For instance, Saudi Arabia’s Ras Tanura port, which processes more than 4 million barrels of oil each day, the biggest oil-exporting port in the world, made the list. So did the Abqaiq Processing Center, considered the biggest crude oil processing plant in the world. Yet anyone could have found this out years earlier just by reading "Sleeping with the Devil," a bestseller by former CIA operative Robert Baer.

"Much information today that is classified as 'secret' is often available publicly (online or otherwise), even without WikiLeaks," writes Terry O'Sullivan, a University of Akron researcher who has analyzed global critical infrastructure for the Department of Homeland Security. "It's not the items on that list that are secret, per se. It's the fact that someone in the State Dept. thinks they are worthy” of that designation.

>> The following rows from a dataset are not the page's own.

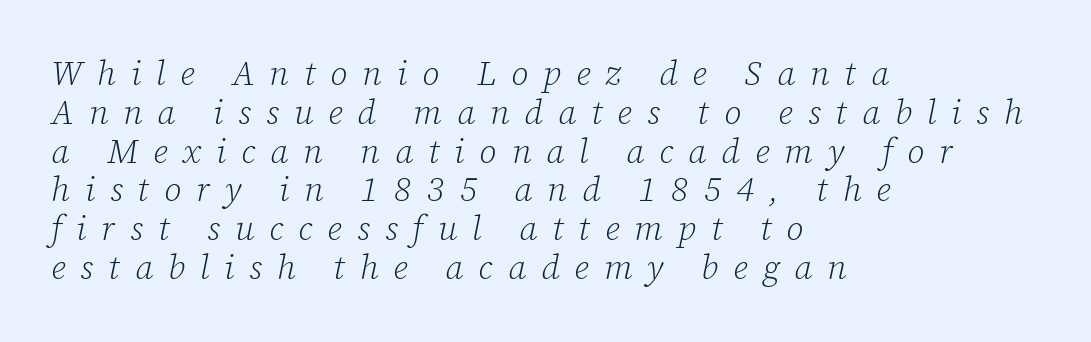
The image shows 34 px light serif type, italic (leaning right); set left-aligned, tight line spacing (1.14x), unusually wide letter spacing (+0.44 em), not underlined; low stroke contrast and a medium x-height.
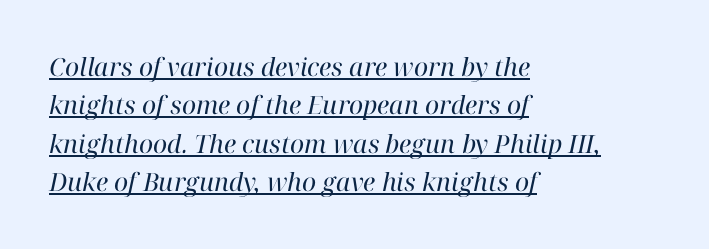
The image shows 25 px text type, italic (leaning right); set left-aligned, normal line spacing (1.54x), normal letter spacing, underlined.
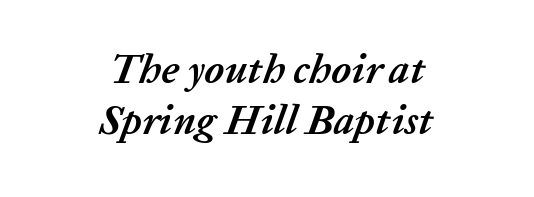
Q: Is the text bold? A: Yes.
Q: Is the text italic (slanted)? A: Yes, it leans right by about 20 degrees.
Q: Is the text underlined? A: No.
Q: How is the paragraph aligned? A: Centered.
Q: Is the spacing between letters normal or unusually wide? A: Normal.
Q: Width (condensed, normal, or wide)? A: Normal.
Q: Stroke contrast? A: Low.
Q: x-height? A: Medium.
Q: Monospaced? A: No.
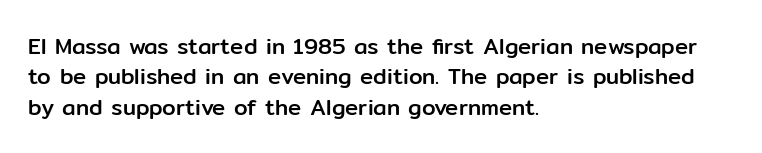
Q: Is the text italic (slanted)? A: No, it is upright.
Q: Is the text underlined? A: No.
Q: How is the paragraph aligned? A: Left-aligned.
Q: Is the spacing between letters normal or unusually wide? A: Normal.
Q: Is the spacing between lines tight, normal or loose? A: Normal.
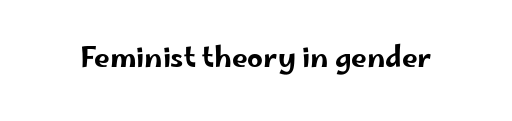
{"serif": "no", "italic": "no", "width": "wide", "stroke_contrast": "low", "x_height": "small", "monospaced": "no", "underline": "no", "letter_spacing": "normal", "letter_spacing_em": 0.0, "glyph_px": 28}
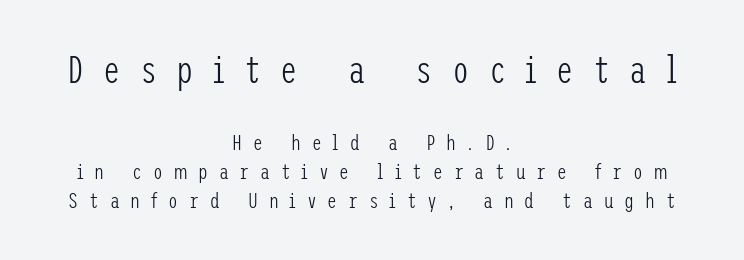
Q: Is the text bold? A: No.
Q: Is the text italic (slanted)? A: No, it is upright.
Q: Is the typeface a serif or a sans-serif typeface? A: Sans-serif.
Q: Is the text underlined? A: No.
Q: How is the paragraph aligned? A: Centered.
Q: Is the spacing between letters normal or unusually wide? A: Unusually wide.
Q: Is the spacing between lines tight, normal or loose? A: Normal.
Q: Which block of text is set in a larger size, the first (top) or the second (bottom)? A: The first (top) one.
Q: Width (condensed, normal, or wide)? A: Condensed.
Q: Stroke contrast? A: Low.
Q: x-height? A: Medium.
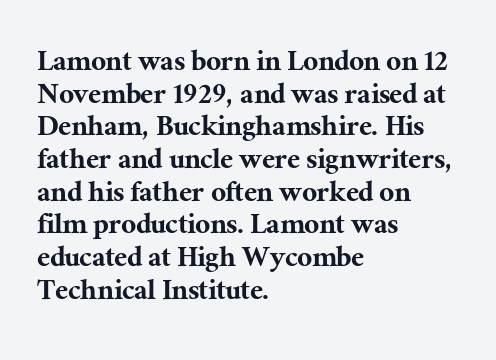
Q: Is the text italic (slanted)? A: No, it is upright.
Q: Is the typeface a serif or a sans-serif typeface? A: Serif.
Q: Is the text underlined? A: No.
Q: How is the paragraph aligned? A: Left-aligned.
Q: Is the spacing between letters normal or unusually wide? A: Normal.
Q: Is the spacing between lines tight, normal or loose? A: Tight.
Q: Width (condensed, normal, or wide)? A: Normal.
Q: Stroke contrast? A: Medium.
Q: x-height? A: Medium.
Q: Monospaced? A: No.
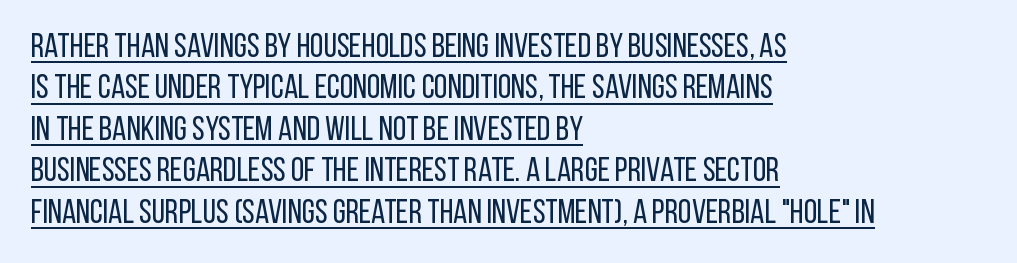
Default kerning and tracking; the words read as compact shapes. The typesetting does not lean heavy: it is not bold. Character widths vary here, with narrow letters taking less room than wide ones. A sans-serif font was chosen for this passage. Unlike italic type, these characters show no tilt at all. All the whitespace from short lines collects on the right.
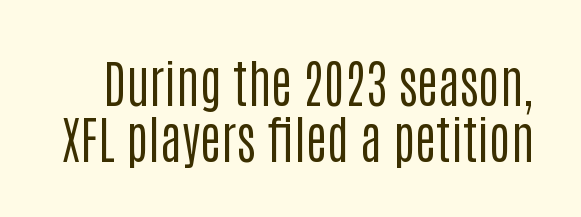
The image shows 51 px regular-weight, condensed sans-serif type, upright; set tight line spacing (1.09x), normal letter spacing, not underlined; low stroke contrast and a large x-height.
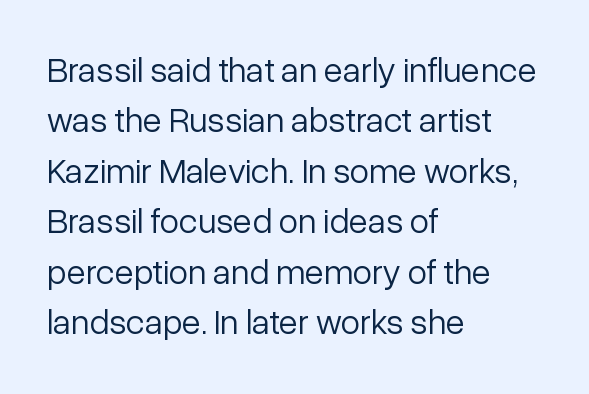
{"serif": "no", "italic": "no", "bold": "no", "weight": "light", "width": "normal", "stroke_contrast": "low", "x_height": "medium", "monospaced": "no", "underline": "no", "align": "left", "line_spacing": "normal", "line_spacing_ratio": 1.44, "letter_spacing": "normal", "letter_spacing_em": 0.0, "glyph_px": 35}
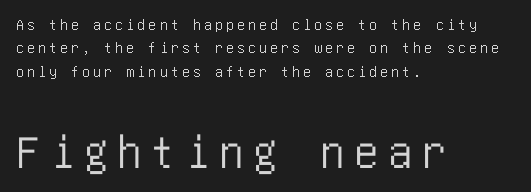
The image shows 49 px condensed sans-serif type, upright; set left-aligned, normal line spacing (1.46x), not underlined; the second (bottom) block is 3.06x larger; low stroke contrast and a large x-height.

The State Department called the list akin to an Al Qaeda targeting list -- athough presumably some of the sites on the secret list, such as the Panama Canal, the Straits of Hormuz, the Straits of Malacca, etc., were already on the jihadists' radar. 

I am struck by a diverging historical parrallel, if there is such a thing. During the Truman administration, the White House hoped to prove that the secrets the great ex-Communist witness Elizabeth Bentley passed along to the Soviets in her years as a Soviet courier were, in fact, publicly available pieces of information and thus no big deal -- all in the mendacious effort, as I argue in my forthcoming book American Betrayal, to deny that a massive Soviet penetration of the US government had taken place. Soon, the US government -- military prosecutors -- will presumably try to prove that leaked documents like the one above, perhaps passed by Bradley Manning to the Wikileaks site, contained all highly secret information and was thus a very big deal.

Both strategies are driven by government efforts to retain powers that might be undermined by ... exposure.